## [Your task]
Give back exactly the lines from the one holding "brauchen gebärdensprachlich aufwachsende" to the bottom of the material, both included, and nothing more. No pictures.

## [Data excerpt]
● ● ● ● ●

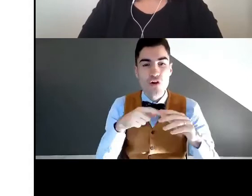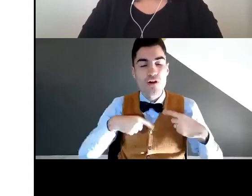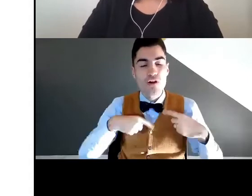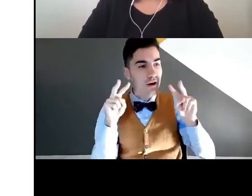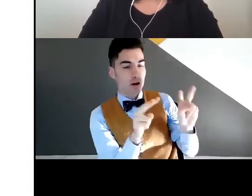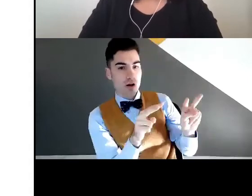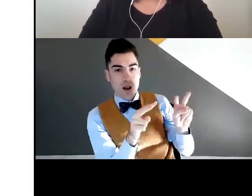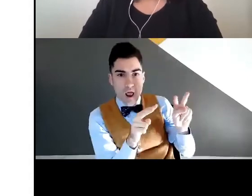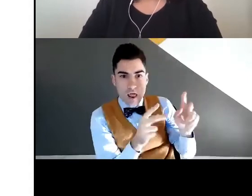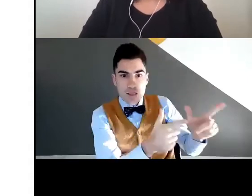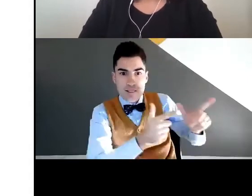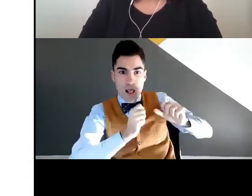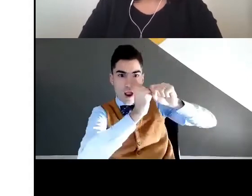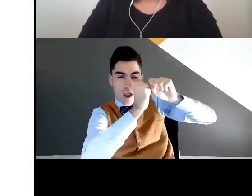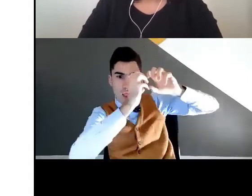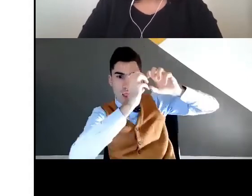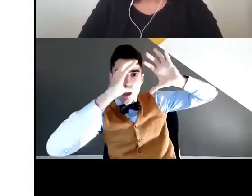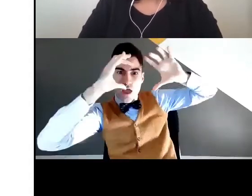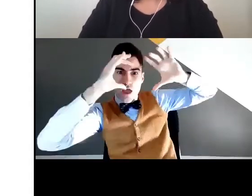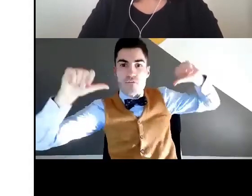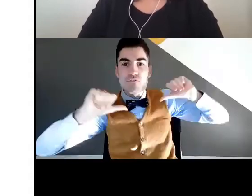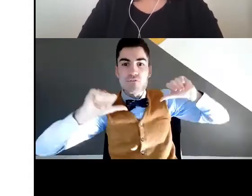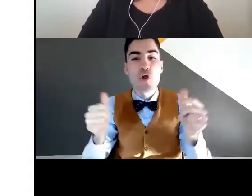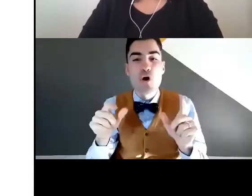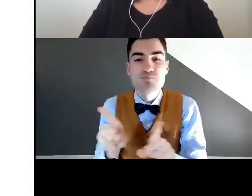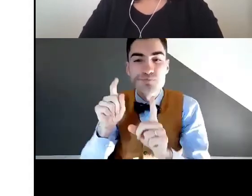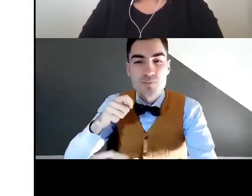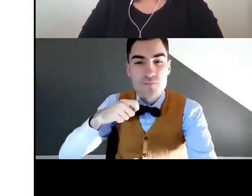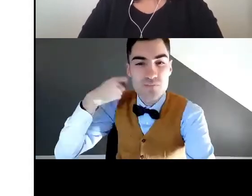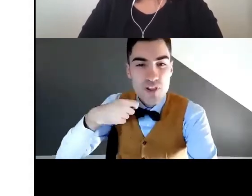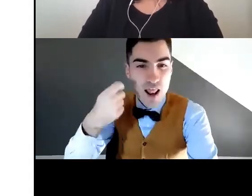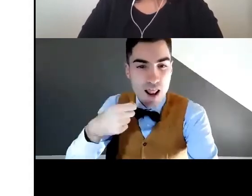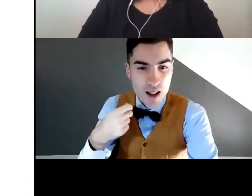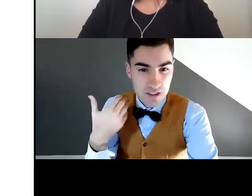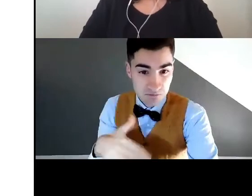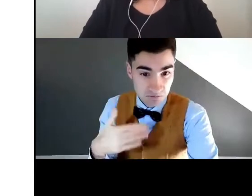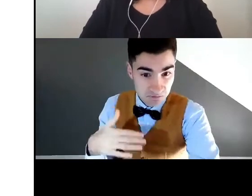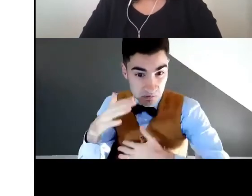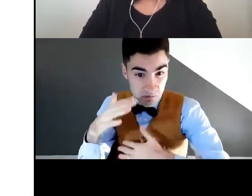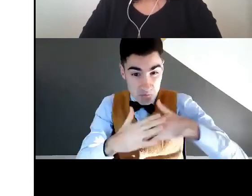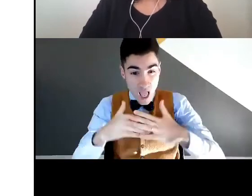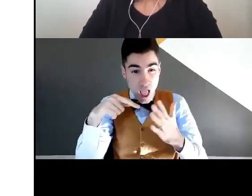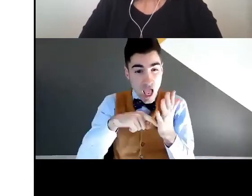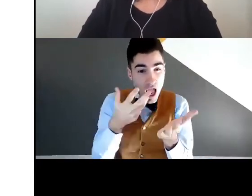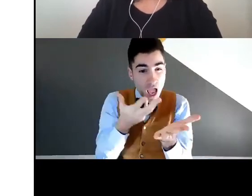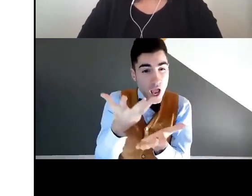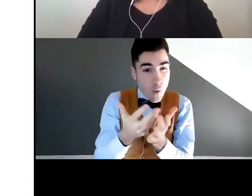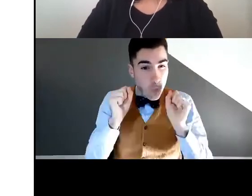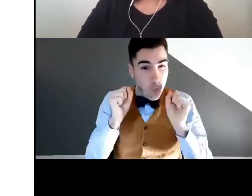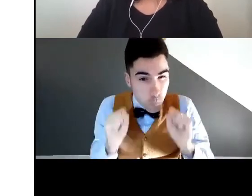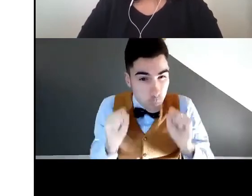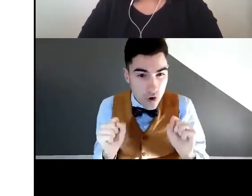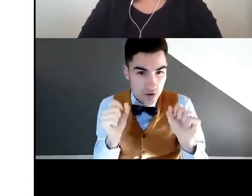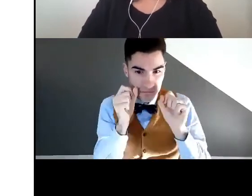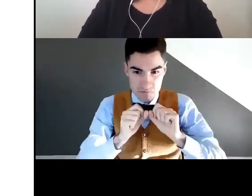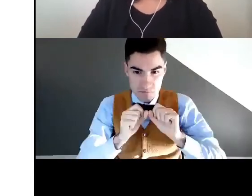Attraverso quest'arte noi possiamo raccontare e rivivere come se fossimo davanti a un film, rivivere le
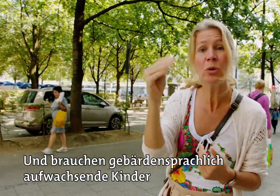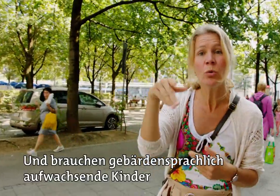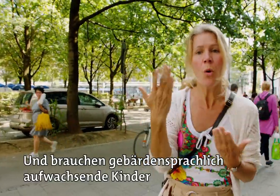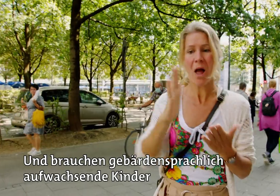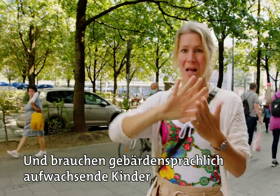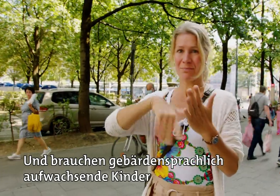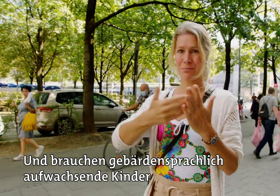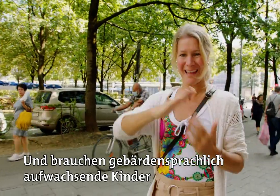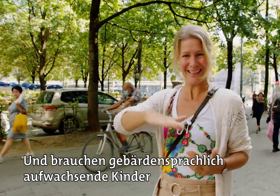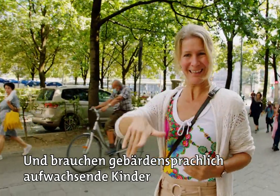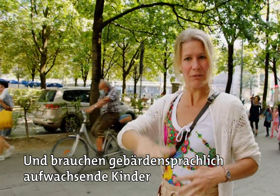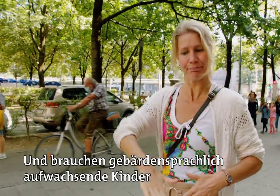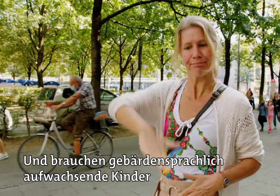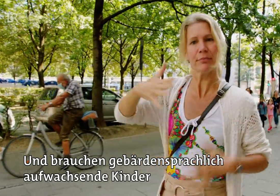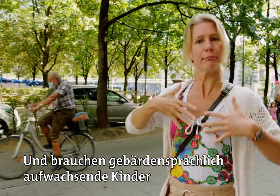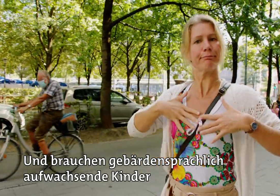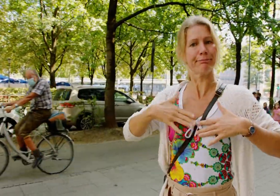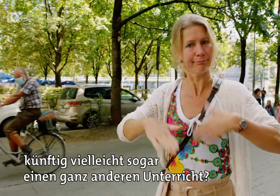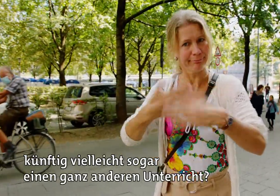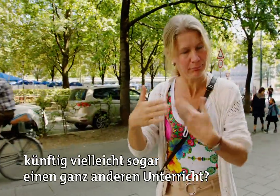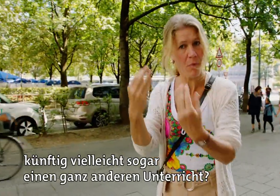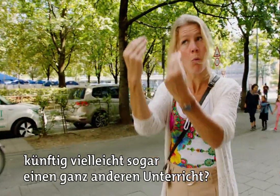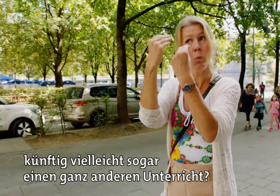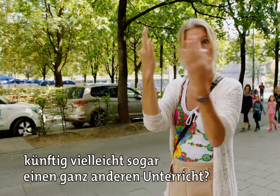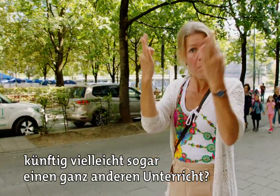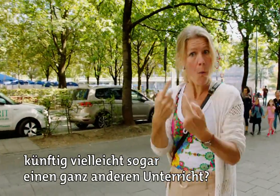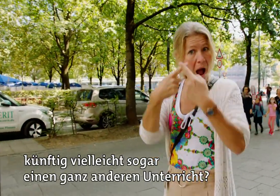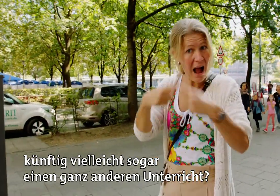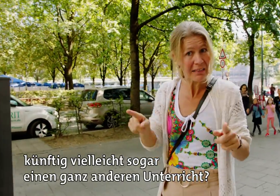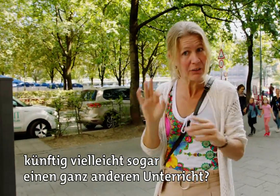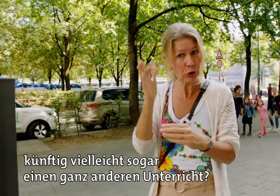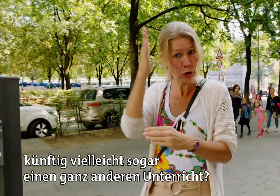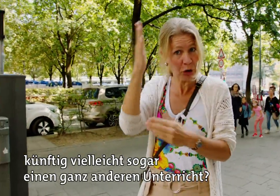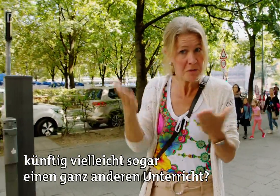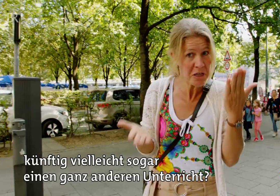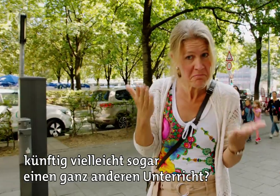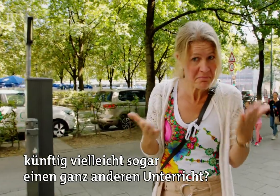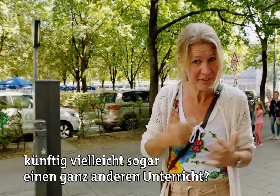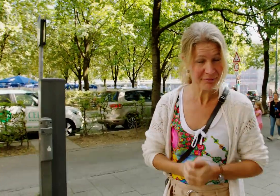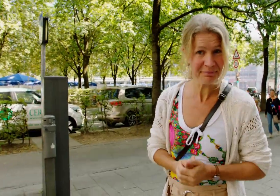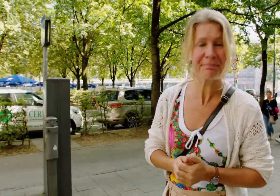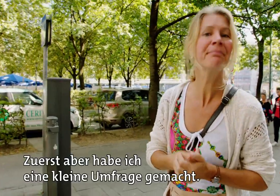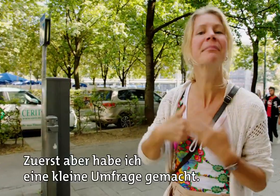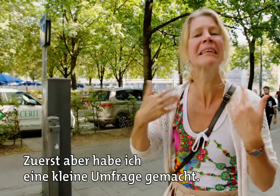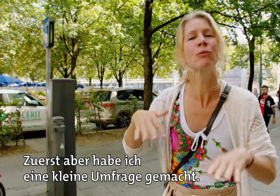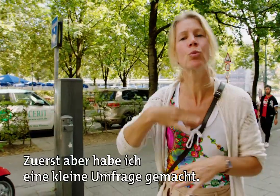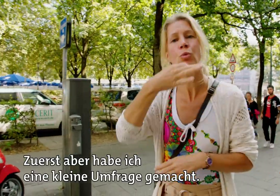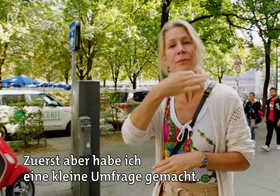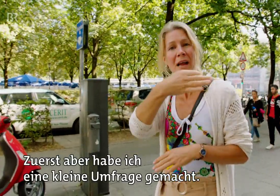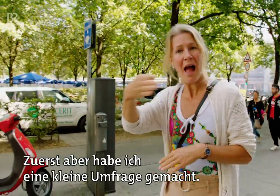brauchen gebärdensprachlich aufwachsende Kinder künftig vielleicht sogar einen ganz anderen Unterricht? Zuerst aber
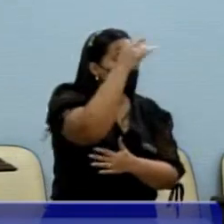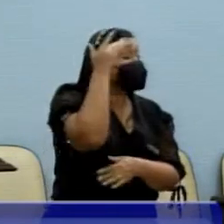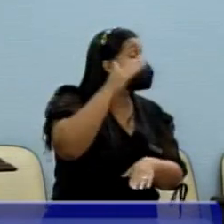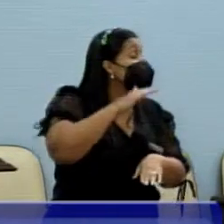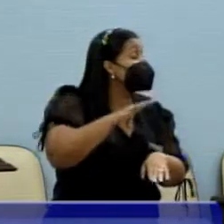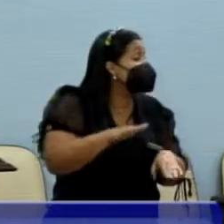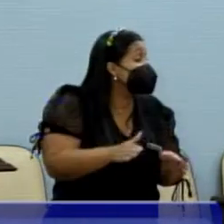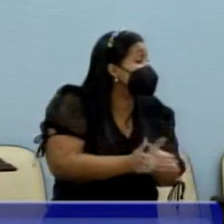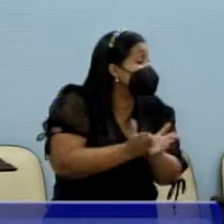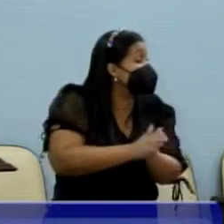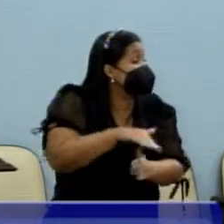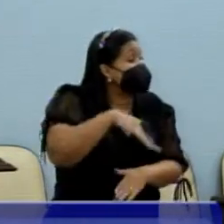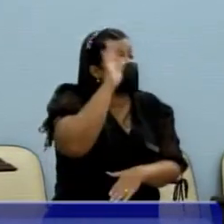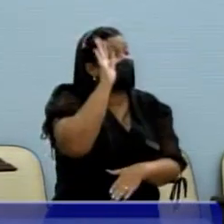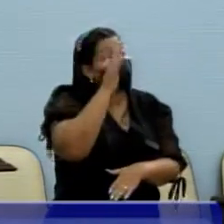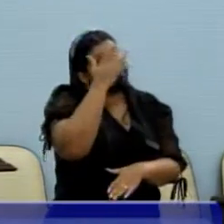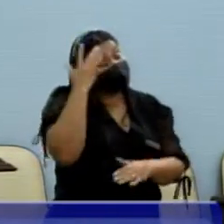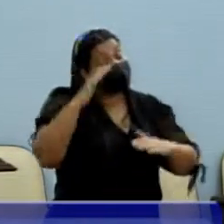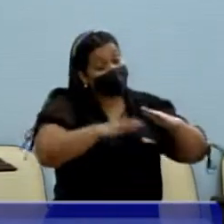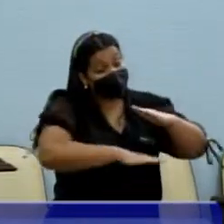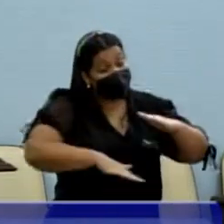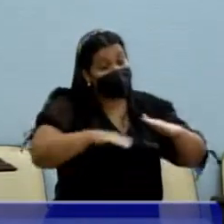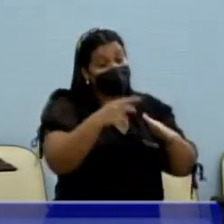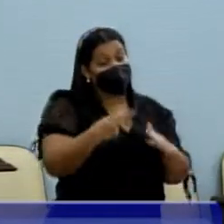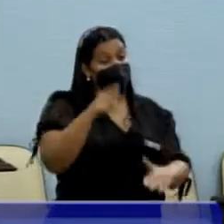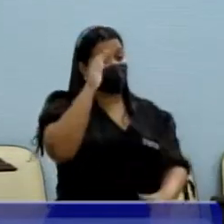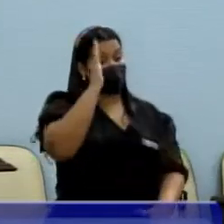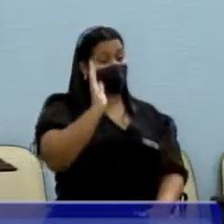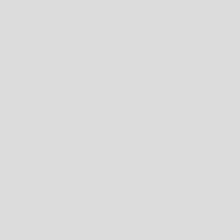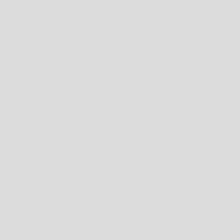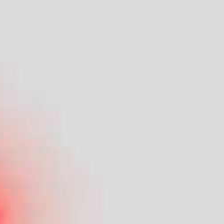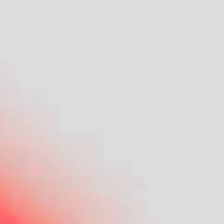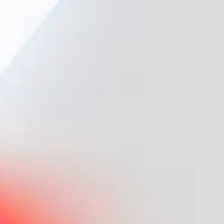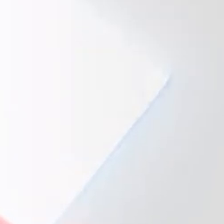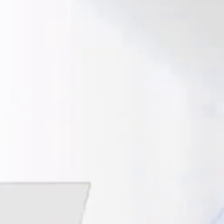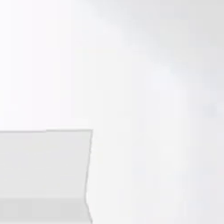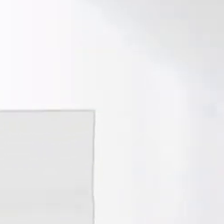pobres e mais vulneráveis no país e na cidade. Obrigado, Sr. Presidente.

● ● ● ● ●

## [Your response]
brauchen gebärdensprachlich aufwachsende Kinder künftig vielleicht sogar einen ganz anderen Unterricht? Zuerst aber
pobres e mais vulneráveis no país e na cidade. Obrigado, Sr. Presidente.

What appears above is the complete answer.